--- SOURCE MATERIAL Enclosed Below ---

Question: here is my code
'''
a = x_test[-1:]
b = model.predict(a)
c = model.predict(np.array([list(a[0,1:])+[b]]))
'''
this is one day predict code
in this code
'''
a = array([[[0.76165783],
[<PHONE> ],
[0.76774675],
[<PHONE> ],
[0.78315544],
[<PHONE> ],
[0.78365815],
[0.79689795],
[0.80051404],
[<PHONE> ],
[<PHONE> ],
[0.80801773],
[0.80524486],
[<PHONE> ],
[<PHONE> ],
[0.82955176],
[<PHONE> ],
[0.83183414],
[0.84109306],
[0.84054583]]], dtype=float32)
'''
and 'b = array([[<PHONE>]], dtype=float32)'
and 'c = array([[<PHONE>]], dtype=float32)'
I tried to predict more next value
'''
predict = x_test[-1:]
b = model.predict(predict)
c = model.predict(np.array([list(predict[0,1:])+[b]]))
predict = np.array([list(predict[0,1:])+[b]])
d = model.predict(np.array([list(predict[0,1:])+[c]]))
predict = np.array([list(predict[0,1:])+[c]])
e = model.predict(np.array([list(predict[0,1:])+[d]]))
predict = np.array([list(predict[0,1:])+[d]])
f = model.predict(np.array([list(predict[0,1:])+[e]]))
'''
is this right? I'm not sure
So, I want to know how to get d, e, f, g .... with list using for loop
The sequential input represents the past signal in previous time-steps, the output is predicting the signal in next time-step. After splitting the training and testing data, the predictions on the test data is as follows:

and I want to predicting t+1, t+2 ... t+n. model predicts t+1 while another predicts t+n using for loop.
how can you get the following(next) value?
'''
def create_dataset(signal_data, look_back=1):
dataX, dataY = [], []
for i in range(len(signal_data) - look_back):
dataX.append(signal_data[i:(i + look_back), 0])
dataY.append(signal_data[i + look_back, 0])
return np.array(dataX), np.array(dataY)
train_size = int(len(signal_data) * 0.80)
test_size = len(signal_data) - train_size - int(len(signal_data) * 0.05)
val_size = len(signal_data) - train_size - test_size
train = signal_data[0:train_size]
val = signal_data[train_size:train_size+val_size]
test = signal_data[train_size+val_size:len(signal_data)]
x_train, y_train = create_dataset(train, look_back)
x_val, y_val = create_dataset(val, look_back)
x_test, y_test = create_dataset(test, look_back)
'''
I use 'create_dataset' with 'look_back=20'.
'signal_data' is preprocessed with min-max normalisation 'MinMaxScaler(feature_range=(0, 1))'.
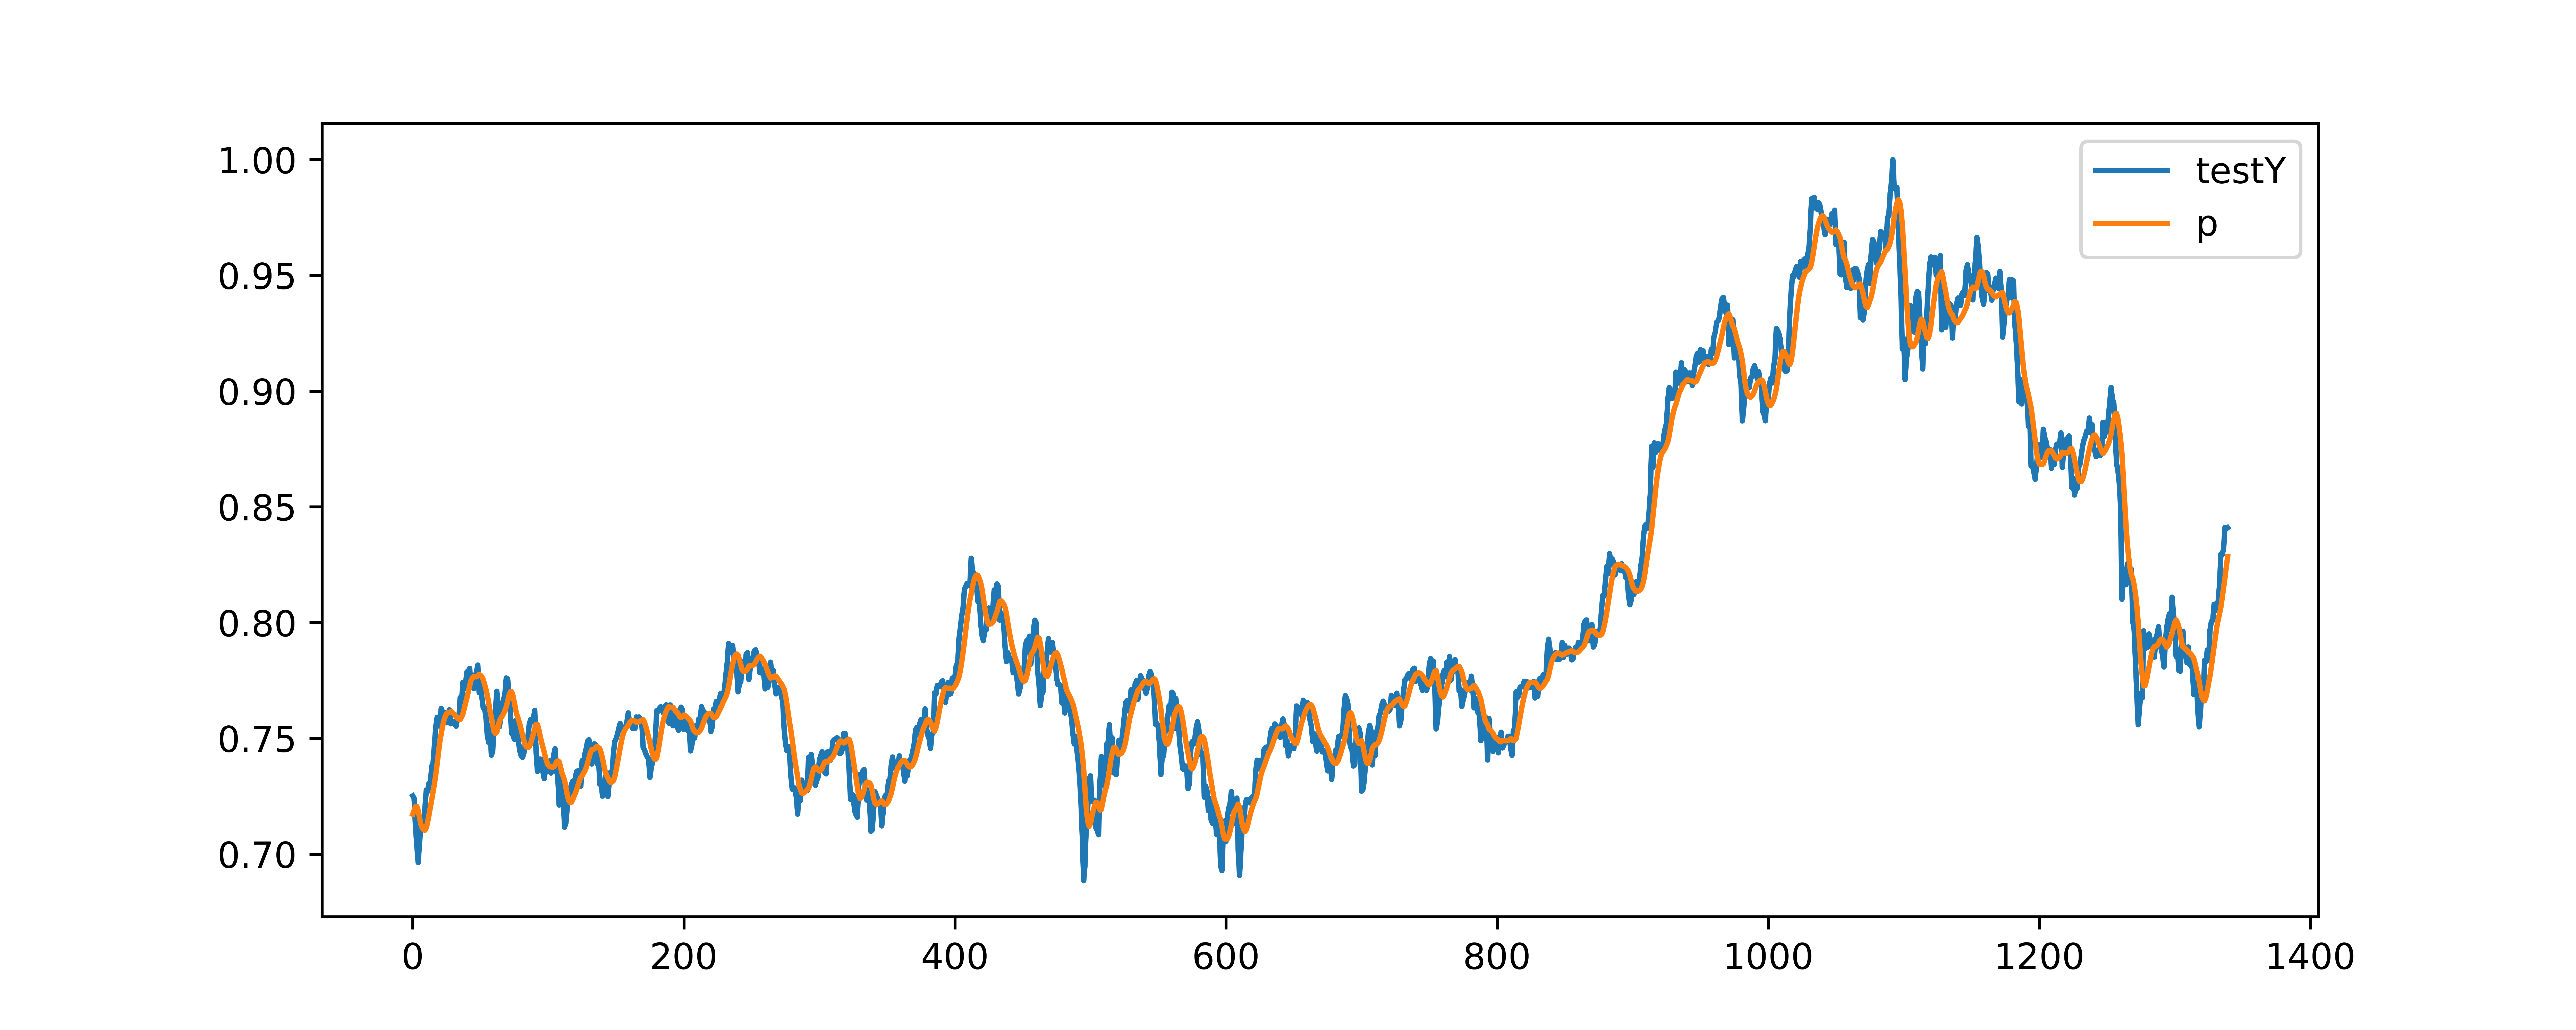
Answer: I would write a function like this:
'''
def forecast_seq(model, init_seq, n_next_steps):
results = []
curr_seq = init_seq[:]
for _ in range(n_next_steps):
# predict the next step and update the current sequence
pred_step = model.predict(np.array([curr_seq]))[0]
curr_seq = np.concatenate([curr_seq[-1:], [pred_step]])
results.append(pred_step)
return results
'''
You can use it this way:
'''
# this will update the last datapoint with the predictions of the next 5 steps:
next_seq_in5 = forecast_seq(model, x_test[-1], 5)
'''
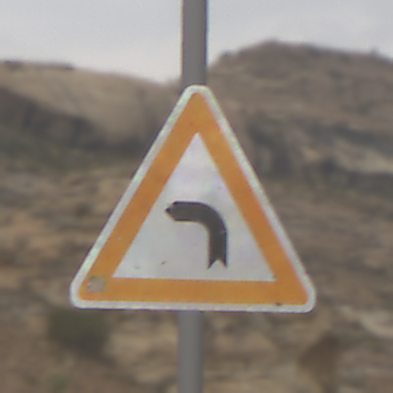
Verkehrszeichen: KurveLinks
Umgebung: Outdoor, Nature
Tageszeit: MorningAfternoon
Wetter: Overcast
Licht: Natural
Jahreszeit: NotSpecified
Kontrast: LowContrast
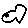
Label: fish
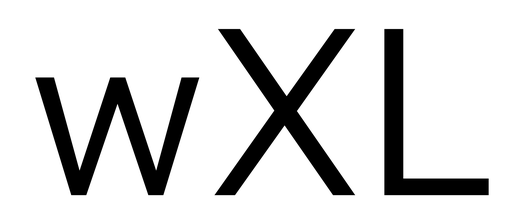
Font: InstrumentSans_Regular
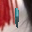
Label: 1
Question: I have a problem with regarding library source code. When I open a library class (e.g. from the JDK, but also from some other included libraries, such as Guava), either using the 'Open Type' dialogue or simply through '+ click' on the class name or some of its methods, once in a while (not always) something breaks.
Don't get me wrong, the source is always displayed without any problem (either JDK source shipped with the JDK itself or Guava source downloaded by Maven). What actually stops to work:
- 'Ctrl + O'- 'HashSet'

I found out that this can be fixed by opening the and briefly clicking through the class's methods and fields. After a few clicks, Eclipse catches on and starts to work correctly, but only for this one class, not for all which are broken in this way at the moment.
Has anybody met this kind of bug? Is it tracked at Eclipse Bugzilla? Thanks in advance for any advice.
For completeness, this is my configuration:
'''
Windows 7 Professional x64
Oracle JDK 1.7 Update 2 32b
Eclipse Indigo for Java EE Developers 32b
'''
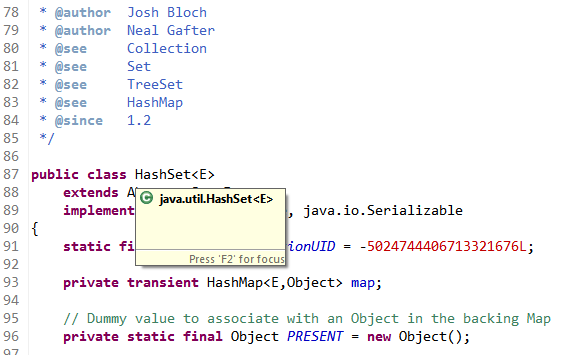
Answer: To answer my own question, I didn't find out how to solve the problem in Indigo, but updating to Juno fixed it.
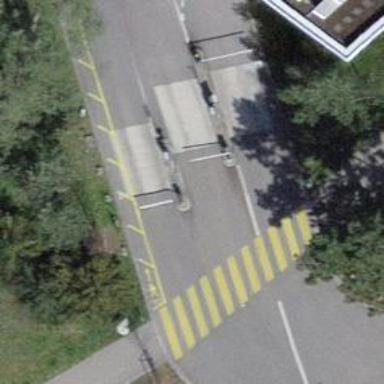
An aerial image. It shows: Lift gate barrier.
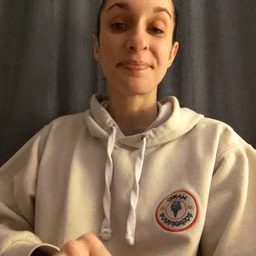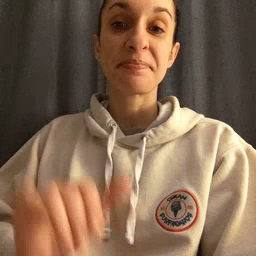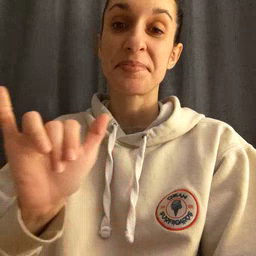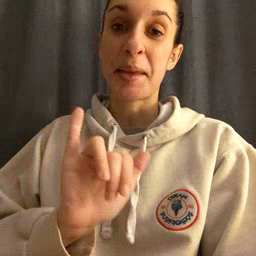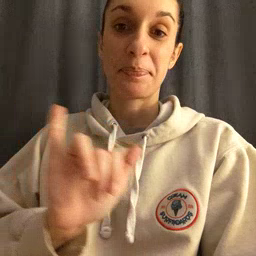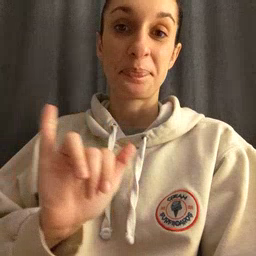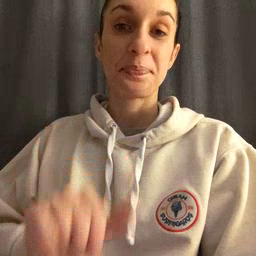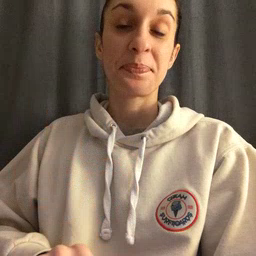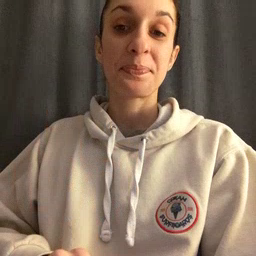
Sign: same
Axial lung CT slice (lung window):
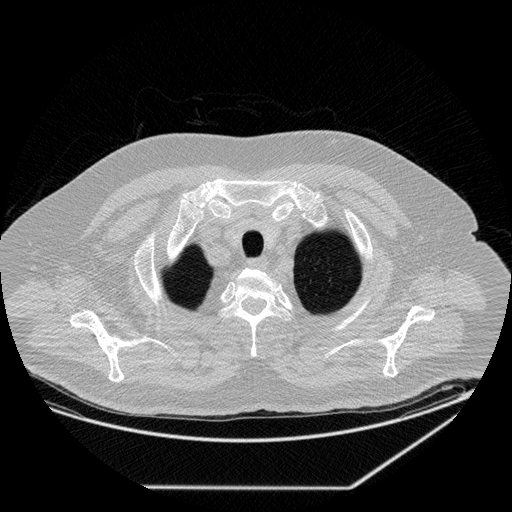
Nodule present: no
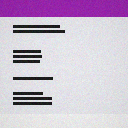
Screen state: on
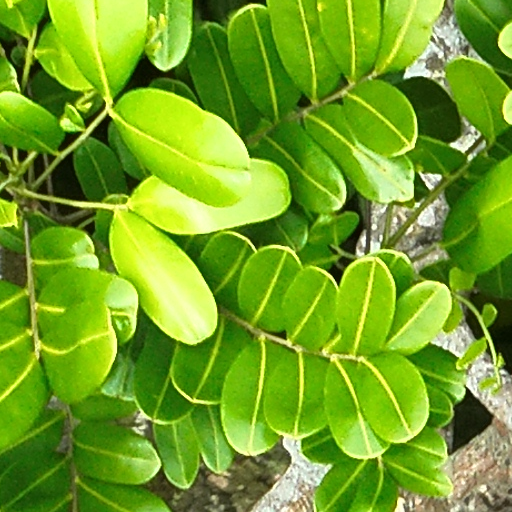
Species: Simarouba amara
GBIF accepted scientific name: Simarouba amara
Crown area (m\u00b2): 135.726
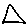
Label: triangle
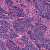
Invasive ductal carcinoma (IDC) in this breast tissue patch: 1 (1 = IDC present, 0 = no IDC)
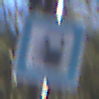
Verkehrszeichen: Tankstelle
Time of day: MorningAfternoon
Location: Outdoor (Nature)
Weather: Clear
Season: Winter
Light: Natural
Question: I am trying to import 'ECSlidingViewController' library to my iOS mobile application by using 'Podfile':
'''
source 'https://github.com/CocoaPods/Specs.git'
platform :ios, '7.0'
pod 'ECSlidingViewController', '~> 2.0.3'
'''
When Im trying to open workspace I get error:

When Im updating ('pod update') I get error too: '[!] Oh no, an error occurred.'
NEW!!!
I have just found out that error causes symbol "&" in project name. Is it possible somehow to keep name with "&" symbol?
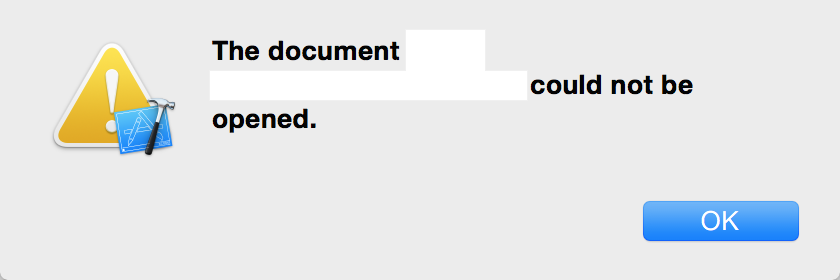
Answer: There was an cocoa pods issue with bad naming. I reported it and this issue will be fixed soon
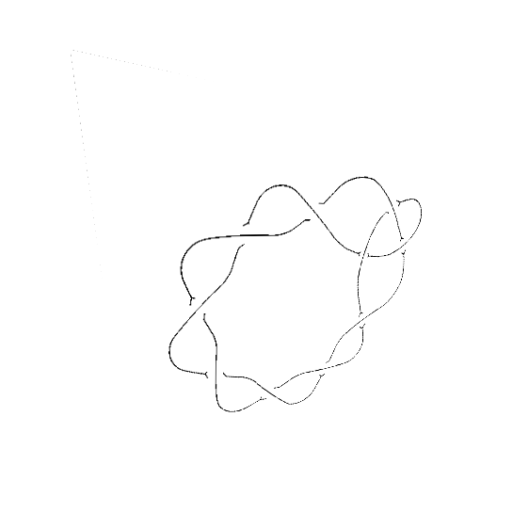
Crossing number: 10
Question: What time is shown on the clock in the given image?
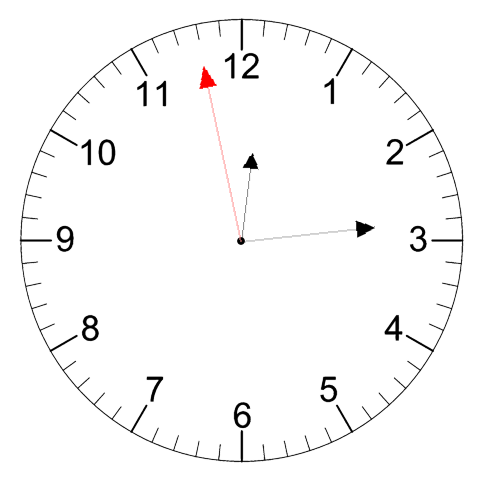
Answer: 12:13:58

--- End of Enclosed SOURCE MATERIAL ---

Using the entries above, reproduce word for word only the lines from the one that contains "Font: InstrumentSans_Regular" to the one that contains "Season: Winter", both ends included, and drop every picture.

COMPLETED EXERCISE:
Font: InstrumentSans_Regular
Label: 1
Question: I have a problem with regarding library source code. When I open a library class (e.g. from the JDK, but also from some other included libraries, such as Guava), either using the 'Open Type' dialogue or simply through '+ click' on the class name or some of its methods, once in a while (not always) something breaks.
Don't get me wrong, the source is always displayed without any problem (either JDK source shipped with the JDK itself or Guava source downloaded by Maven). What actually stops to work:
- 'Ctrl + O'- 'HashSet'

I found out that this can be fixed by opening the and briefly clicking through the class's methods and fields. After a few clicks, Eclipse catches on and starts to work correctly, but only for this one class, not for all which are broken in this way at the moment.
Has anybody met this kind of bug? Is it tracked at Eclipse Bugzilla? Thanks in advance for any advice.
For completeness, this is my configuration:
'''
Windows 7 Professional x64
Oracle JDK 1.7 Update 2 32b
Eclipse Indigo for Java EE Developers 32b
'''
Answer: To answer my own question, I didn't find out how to solve the problem in Indigo, but updating to Juno fixed it.
An aerial image. It shows: Lift gate barrier.
Sign: same
Axial lung CT slice (lung window):
Nodule present: no
Screen state: on
Species: Simarouba amara
GBIF accepted scientific name: Simarouba amara
Crown area (m\u00b2): 135.726
Label: triangle
Invasive ductal carcinoma (IDC) in this breast tissue patch: 1 (1 = IDC present, 0 = no IDC)
Verkehrszeichen: Tankstelle
Time of day: MorningAfternoon
Location: Outdoor (Nature)
Weather: Clear
Season: Winter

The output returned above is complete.